### Data ###

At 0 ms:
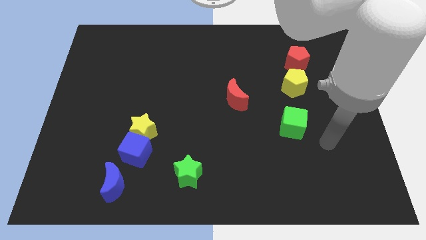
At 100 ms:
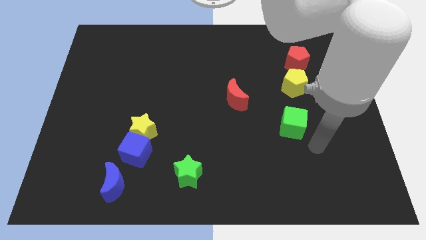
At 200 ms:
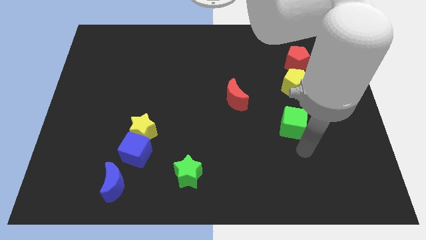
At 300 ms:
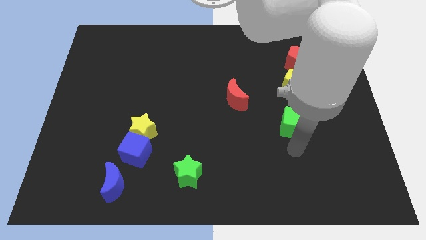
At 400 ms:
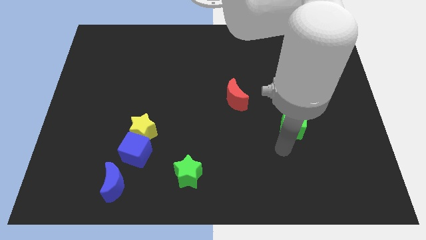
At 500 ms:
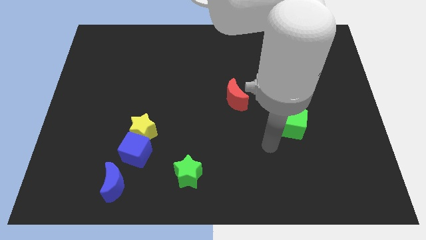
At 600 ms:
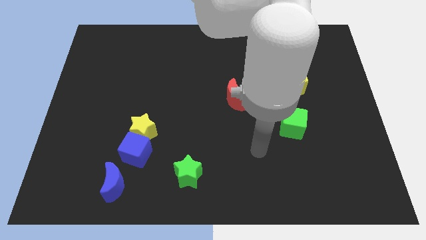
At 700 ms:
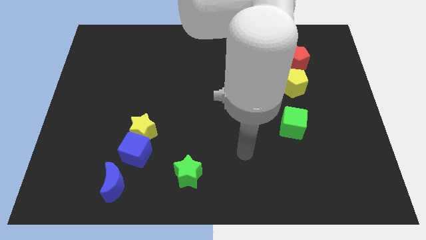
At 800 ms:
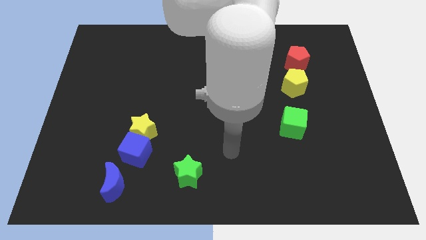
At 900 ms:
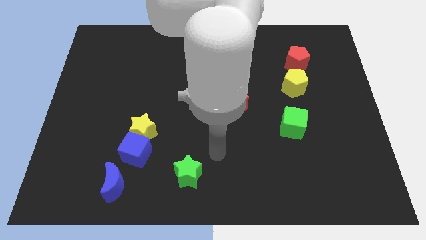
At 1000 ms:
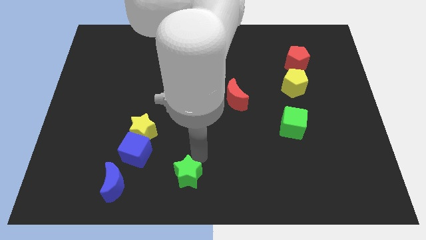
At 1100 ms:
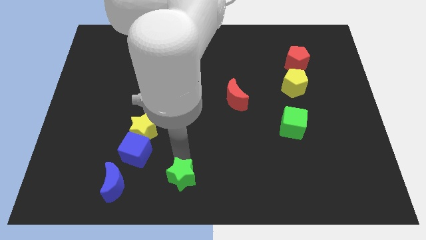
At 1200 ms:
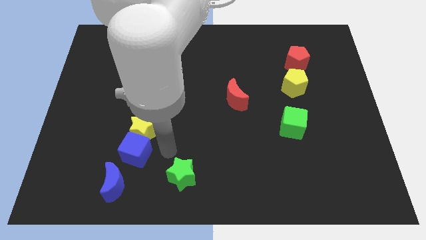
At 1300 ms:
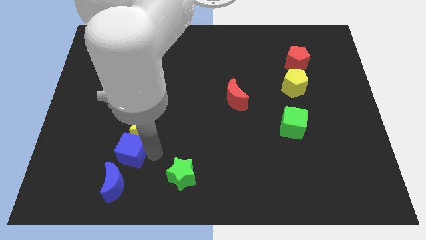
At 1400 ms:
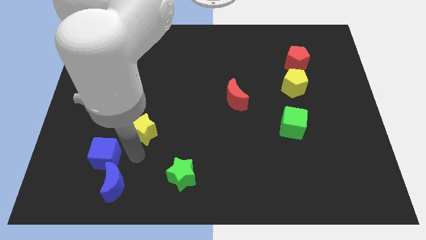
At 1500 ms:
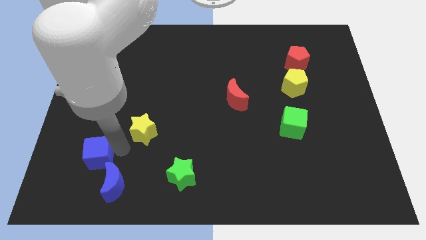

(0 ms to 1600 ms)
move the yellow star away from the blue cube

###

Aim of the exercise:
The task calls for all records to be set down precisely, excluding any images.

Response to the task:
At 0 ms:
At 100 ms:
At 200 ms:
At 300 ms:
At 400 ms:
At 500 ms:
At 600 ms:
At 700 ms:
At 800 ms:
At 900 ms:
At 1000 ms:
At 1100 ms:
At 1200 ms:
At 1300 ms:
At 1400 ms:
At 1500 ms:

(0 ms to 1600 ms)
move the yellow star away from the blue cube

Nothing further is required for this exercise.